- **Exercise details**
Line tally for "stroke": state how many lines of the entries include it, with no other text.

(Records from a collection)

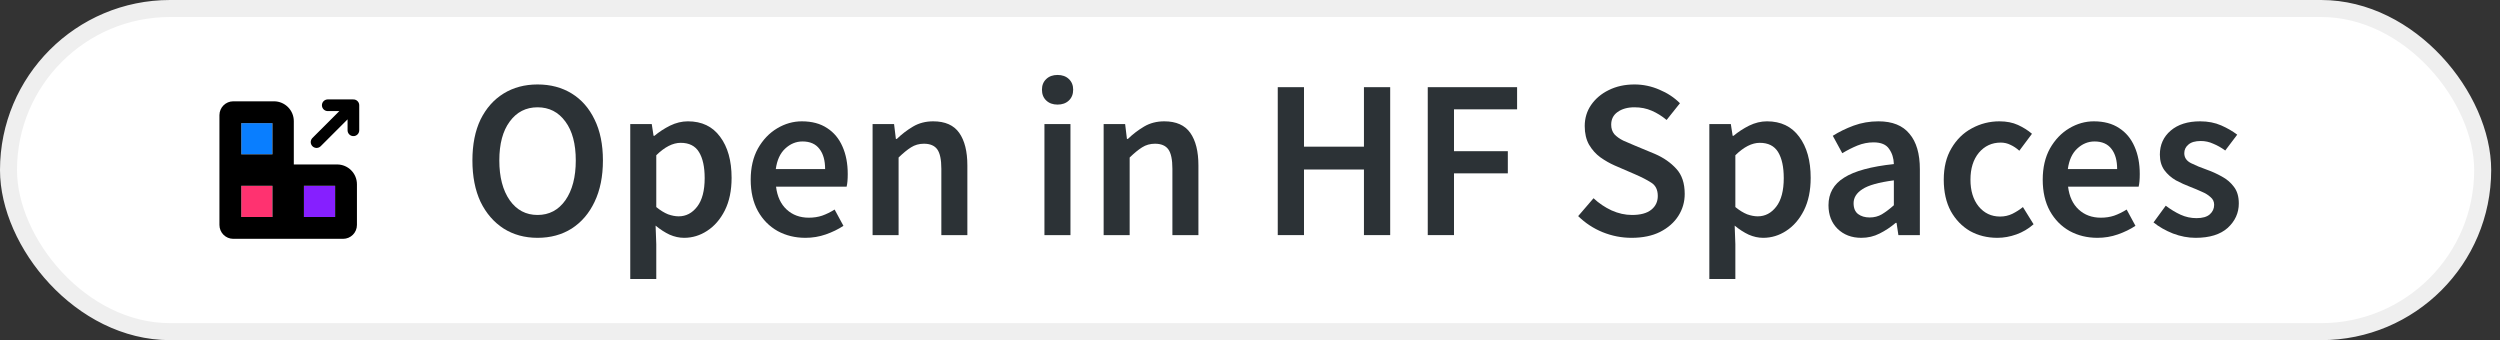   <svg width="147" height="20" viewBox="0 0 147 20" fill="none" xmlns="http://www.w3.org/2000/svg">
   <rect x="0" y="0" width="147" height="20" fill="#333333" stroke="none"/>
   <rect x="0.5" y="0.5" width="145.482" height="19" rx="9.5" fill="white" stroke="#EFEFEF">
   </rect>
   <path d="M14.186 10.925V12.759H16.02V10.925H14.186Z" fill="#FF3270">
   </path>
   <path d="M17.871 10.925V12.759H19.705V10.925H17.871Z" fill="#861FFF">
   </path>
   <path d="M14.186 7.241V9.075H16.02V7.241H14.186Z" fill="#097EFF">
   </path>
   <path fill-rule="evenodd" clip-rule="evenodd" d="M12.903 6.772C12.903 6.322 13.268 5.957 13.717 5.957C14.17 5.957 15.256 5.957 16.109 5.957C16.754 5.957 17.276 6.48 17.276 7.124V9.67H19.822C20.466 9.67 20.988 10.192 20.988 10.836C20.988 11.634 20.988 12.431 20.988 13.228C20.988 13.678 20.624 14.043 20.174 14.043H17.304H16.587H13.717C13.268 14.043 12.903 13.678 12.903 13.228V9.717V9.642V6.772ZM14.186 7.241V9.075H16.02V7.241H14.186ZM14.186 12.759V10.925H16.02V12.759H14.186ZM17.871 12.759V10.925H19.705V12.759H17.871Z" fill="black">
   </path>
   <path d="M18.614 8.355L20.78 6.189M20.78 6.189V7.661M20.78 6.189L19.272 6.189" stroke="black" stroke-width="0.686" stroke-linecap="round" stroke-linejoin="round">
   </path>
   <path d="M31.608 13.984C30.855 13.984 30.189 13.802 29.613 13.438C29.037 13.066 28.585 12.543 28.256 11.869C27.937 11.186 27.778 10.375 27.778 9.435C27.778 8.495 27.937 7.693 28.256 7.028C28.585 6.363 29.037 5.853 29.613 5.498C30.189 5.143 30.855 4.966 31.608 4.966C32.371 4.966 33.04 5.143 33.617 5.498C34.193 5.853 34.641 6.363 34.96 7.028C35.288 7.693 35.452 8.495 35.452 9.435C35.452 10.375 35.288 11.186 34.96 11.869C34.641 12.543 34.193 13.066 33.617 13.438C33.04 13.802 32.371 13.984 31.608 13.984ZM31.608 12.64C32.291 12.64 32.836 12.352 33.244 11.776C33.652 11.191 33.856 10.41 33.856 9.435C33.856 8.46 33.652 7.697 33.244 7.147C32.836 6.589 32.291 6.309 31.608 6.309C30.925 6.309 30.38 6.589 29.972 7.147C29.564 7.697 29.36 8.46 29.36 9.435C29.36 10.41 29.564 11.191 29.972 11.776C30.38 12.352 30.925 12.64 31.608 12.64Z" fill="#2C3236">
   </path>
   <path d="M37.059 16.404V7.294H38.323L38.429 7.985H38.482C38.757 7.755 39.063 7.555 39.4 7.387C39.746 7.218 40.096 7.134 40.451 7.134C41.267 7.134 41.896 7.436 42.34 8.038C42.792 8.641 43.018 9.448 43.018 10.459C43.018 11.204 42.885 11.842 42.619 12.374C42.353 12.898 42.007 13.297 41.581 13.572C41.165 13.846 40.712 13.984 40.225 13.984C39.941 13.984 39.657 13.922 39.373 13.798C39.09 13.665 38.815 13.487 38.549 13.266L38.589 14.356V16.404H37.059ZM39.906 12.72C40.34 12.72 40.703 12.53 40.996 12.148C41.289 11.767 41.435 11.208 41.435 10.472C41.435 9.816 41.324 9.306 41.102 8.943C40.881 8.579 40.522 8.398 40.025 8.398C39.564 8.398 39.085 8.641 38.589 9.129V12.175C38.828 12.37 39.059 12.512 39.28 12.601C39.502 12.68 39.71 12.72 39.906 12.72Z" fill="#2C3236">
   </path>
   <path d="M47.36 13.984C46.757 13.984 46.212 13.851 45.724 13.585C45.236 13.31 44.85 12.92 44.567 12.414C44.283 11.9 44.141 11.284 44.141 10.566C44.141 9.856 44.283 9.244 44.567 8.73C44.859 8.216 45.236 7.821 45.697 7.546C46.158 7.271 46.642 7.134 47.147 7.134C47.741 7.134 48.238 7.267 48.637 7.533C49.036 7.79 49.337 8.154 49.541 8.624C49.745 9.085 49.847 9.621 49.847 10.233C49.847 10.552 49.825 10.8 49.781 10.978H45.631C45.702 11.554 45.91 12.002 46.256 12.321C46.602 12.64 47.036 12.8 47.559 12.8C47.843 12.8 48.105 12.76 48.344 12.68C48.592 12.592 48.836 12.472 49.075 12.321L49.594 13.279C49.284 13.483 48.938 13.651 48.557 13.784C48.175 13.917 47.776 13.984 47.36 13.984ZM45.617 9.94H48.517C48.517 9.435 48.406 9.04 48.184 8.757C47.963 8.464 47.63 8.318 47.187 8.318C46.806 8.318 46.464 8.46 46.163 8.743C45.87 9.018 45.688 9.417 45.617 9.94Z" fill="#2C3236">
   </path>
   <path d="M51.308 13.824V7.294H52.571L52.678 8.171H52.731C53.024 7.888 53.343 7.644 53.689 7.44C54.034 7.236 54.429 7.134 54.872 7.134C55.573 7.134 56.083 7.36 56.402 7.812C56.721 8.265 56.881 8.903 56.881 9.728V13.824H55.351V9.927C55.351 9.386 55.271 9.005 55.112 8.783C54.952 8.562 54.691 8.451 54.327 8.451C54.043 8.451 53.791 8.522 53.569 8.664C53.356 8.797 53.112 8.996 52.837 9.262V13.824H51.308Z" fill="#2C3236">
   </path>
   <path d="M61.413 13.824V7.294H62.943V13.824H61.413ZM62.184 6.15C61.91 6.15 61.688 6.07 61.52 5.91C61.351 5.751 61.267 5.538 61.267 5.272C61.267 5.015 61.351 4.806 61.52 4.647C61.688 4.487 61.91 4.407 62.184 4.407C62.459 4.407 62.681 4.487 62.849 4.647C63.018 4.806 63.102 5.015 63.102 5.272C63.102 5.538 63.018 5.751 62.849 5.91C62.681 6.07 62.459 6.15 62.184 6.15Z" fill="#2C3236">
   </path>
   <path d="M64.894 13.824V7.294H66.158L66.264 8.171H66.317C66.61 7.888 66.929 7.644 67.275 7.44C67.621 7.236 68.015 7.134 68.459 7.134C69.159 7.134 69.669 7.36 69.988 7.812C70.307 8.265 70.467 8.903 70.467 9.728V13.824H68.937V9.927C68.937 9.386 68.858 9.005 68.698 8.783C68.538 8.562 68.277 8.451 67.913 8.451C67.629 8.451 67.377 8.522 67.155 8.664C66.942 8.797 66.698 8.996 66.424 9.262V13.824H64.894Z" fill="#2C3236">
   </path>
   <path d="M75.132 13.824V5.126H76.675V8.624H80.2V5.126H81.743V13.824H80.2V9.967H76.675V13.824H75.132Z" fill="#2C3236">
   </path>
   <path d="M83.952 13.824V5.126H89.205V6.429H85.495V8.89H88.66V10.193H85.495V13.824H83.952Z" fill="#2C3236">
   </path>
   <path d="M95.935 13.984C95.35 13.984 94.782 13.873 94.232 13.651C93.692 13.43 93.213 13.115 92.796 12.707L93.7 11.656C94.011 11.949 94.365 12.188 94.764 12.374C95.163 12.552 95.562 12.64 95.962 12.64C96.458 12.64 96.835 12.539 97.092 12.335C97.349 12.131 97.478 11.86 97.478 11.523C97.478 11.16 97.349 10.898 97.092 10.739C96.844 10.579 96.525 10.415 96.134 10.246L94.937 9.728C94.654 9.603 94.374 9.444 94.099 9.249C93.833 9.054 93.612 8.805 93.434 8.504C93.266 8.203 93.182 7.839 93.182 7.413C93.182 6.952 93.306 6.54 93.554 6.176C93.811 5.804 94.157 5.511 94.591 5.299C95.035 5.077 95.54 4.966 96.108 4.966C96.613 4.966 97.101 5.068 97.571 5.272C98.041 5.467 98.444 5.733 98.781 6.07L97.996 7.054C97.722 6.824 97.429 6.642 97.119 6.509C96.817 6.376 96.48 6.309 96.108 6.309C95.7 6.309 95.367 6.402 95.11 6.589C94.862 6.766 94.738 7.014 94.738 7.334C94.738 7.555 94.8 7.741 94.924 7.892C95.057 8.034 95.23 8.158 95.443 8.265C95.656 8.362 95.882 8.46 96.121 8.557L97.305 9.049C97.819 9.271 98.24 9.564 98.568 9.927C98.897 10.282 99.061 10.774 99.061 11.403C99.061 11.873 98.936 12.303 98.688 12.694C98.44 13.084 98.081 13.399 97.611 13.638C97.15 13.868 96.591 13.984 95.935 13.984Z" fill="#2C3236">
   </path>
   <path d="M100.509 16.404V7.294H101.773L101.879 7.985H101.932C102.207 7.755 102.513 7.555 102.85 7.387C103.196 7.218 103.546 7.134 103.901 7.134C104.717 7.134 105.346 7.436 105.79 8.038C106.242 8.641 106.468 9.448 106.468 10.459C106.468 11.204 106.335 11.842 106.069 12.374C105.803 12.898 105.457 13.297 105.031 13.572C104.615 13.846 104.162 13.984 103.675 13.984C103.391 13.984 103.107 13.922 102.824 13.798C102.54 13.665 102.265 13.487 101.999 13.266L102.039 14.356V16.404H100.509ZM103.356 12.72C103.79 12.72 104.154 12.53 104.446 12.148C104.739 11.767 104.885 11.208 104.885 10.472C104.885 9.816 104.774 9.306 104.553 8.943C104.331 8.579 103.972 8.398 103.475 8.398C103.014 8.398 102.535 8.641 102.039 9.129V12.175C102.278 12.37 102.509 12.512 102.73 12.601C102.952 12.68 103.16 12.72 103.356 12.72Z" fill="#2C3236">
   </path>
   <path d="M109.444 13.984C108.876 13.984 108.411 13.806 108.047 13.452C107.692 13.097 107.515 12.636 107.515 12.069C107.515 11.368 107.821 10.827 108.433 10.446C109.045 10.056 110.02 9.79 111.359 9.648C111.35 9.302 111.257 9.005 111.08 8.757C110.911 8.5 110.605 8.371 110.162 8.371C109.843 8.371 109.528 8.433 109.218 8.557C108.916 8.681 108.619 8.832 108.326 9.009L107.768 7.985C108.131 7.755 108.539 7.555 108.991 7.387C109.452 7.218 109.94 7.134 110.454 7.134C111.27 7.134 111.878 7.378 112.277 7.866C112.685 8.344 112.888 9.04 112.888 9.954V13.824H111.625L111.518 13.106H111.465C111.173 13.354 110.858 13.563 110.521 13.731C110.193 13.899 109.834 13.984 109.444 13.984ZM109.936 12.787C110.202 12.787 110.441 12.725 110.654 12.601C110.876 12.467 111.111 12.29 111.359 12.069V10.605C110.472 10.721 109.856 10.894 109.51 11.124C109.164 11.346 108.991 11.621 108.991 11.949C108.991 12.241 109.08 12.454 109.257 12.587C109.435 12.72 109.661 12.787 109.936 12.787Z" fill="#2C3236">
   </path>
   <path d="M117.446 13.984C116.851 13.984 116.315 13.851 115.836 13.585C115.366 13.31 114.989 12.92 114.706 12.414C114.431 11.9 114.293 11.284 114.293 10.566C114.293 9.838 114.444 9.222 114.746 8.717C115.047 8.203 115.446 7.812 115.943 7.546C116.448 7.271 116.989 7.134 117.565 7.134C117.982 7.134 118.346 7.205 118.656 7.347C118.966 7.489 119.241 7.662 119.48 7.866L118.736 8.863C118.567 8.712 118.394 8.597 118.217 8.517C118.04 8.429 117.849 8.384 117.645 8.384C117.122 8.384 116.692 8.584 116.355 8.983C116.027 9.382 115.863 9.909 115.863 10.566C115.863 11.213 116.022 11.736 116.342 12.135C116.67 12.534 117.091 12.733 117.605 12.733C117.862 12.733 118.102 12.68 118.323 12.574C118.554 12.459 118.762 12.326 118.948 12.175L119.574 13.186C119.272 13.452 118.935 13.651 118.563 13.784C118.19 13.917 117.818 13.984 117.446 13.984Z" fill="#2C3236">
   </path>
   <path d="M123.331 13.984C122.728 13.984 122.183 13.851 121.695 13.585C121.207 13.31 120.822 12.92 120.538 12.414C120.254 11.9 120.112 11.284 120.112 10.566C120.112 9.856 120.254 9.244 120.538 8.73C120.83 8.216 121.207 7.821 121.668 7.546C122.13 7.271 122.613 7.134 123.118 7.134C123.712 7.134 124.209 7.267 124.608 7.533C125.007 7.79 125.308 8.154 125.512 8.624C125.716 9.085 125.818 9.621 125.818 10.233C125.818 10.552 125.796 10.8 125.752 10.978H121.602C121.673 11.554 121.881 12.002 122.227 12.321C122.573 12.64 123.007 12.8 123.53 12.8C123.814 12.8 124.076 12.76 124.315 12.68C124.563 12.592 124.807 12.472 125.047 12.321L125.565 13.279C125.255 13.483 124.909 13.651 124.528 13.784C124.147 13.917 123.748 13.984 123.331 13.984ZM121.589 9.94H124.488C124.488 9.435 124.377 9.04 124.156 8.757C123.934 8.464 123.601 8.318 123.158 8.318C122.777 8.318 122.435 8.46 122.134 8.743C121.841 9.018 121.66 9.417 121.589 9.94Z" fill="#2C3236">
   </path>
   <path d="M129.101 13.984C128.658 13.984 128.215 13.899 127.771 13.731C127.328 13.554 126.947 13.336 126.627 13.079L127.346 12.095C127.638 12.317 127.931 12.494 128.223 12.627C128.516 12.76 128.826 12.827 129.154 12.827C129.509 12.827 129.771 12.751 129.939 12.601C130.108 12.45 130.192 12.264 130.192 12.042C130.192 11.856 130.121 11.705 129.979 11.59C129.846 11.466 129.673 11.359 129.46 11.271C129.248 11.173 129.026 11.08 128.795 10.991C128.512 10.885 128.228 10.756 127.944 10.605C127.669 10.446 127.443 10.246 127.266 10.007C127.088 9.759 127 9.453 127 9.089C127 8.513 127.213 8.043 127.638 7.679C128.064 7.316 128.64 7.134 129.367 7.134C129.828 7.134 130.241 7.214 130.604 7.373C130.968 7.533 131.282 7.715 131.548 7.919L130.844 8.85C130.613 8.681 130.378 8.548 130.139 8.451C129.908 8.344 129.664 8.291 129.407 8.291C129.079 8.291 128.835 8.362 128.676 8.504C128.516 8.637 128.436 8.805 128.436 9.009C128.436 9.267 128.569 9.462 128.835 9.595C129.101 9.728 129.412 9.856 129.766 9.98C130.068 10.087 130.36 10.22 130.644 10.379C130.928 10.53 131.163 10.73 131.349 10.978C131.544 11.226 131.642 11.554 131.642 11.962C131.642 12.521 131.424 12.999 130.99 13.399C130.555 13.789 129.926 13.984 129.101 13.984Z" fill="#2C3236">
   </path>
  </svg>

- **Task solution**
3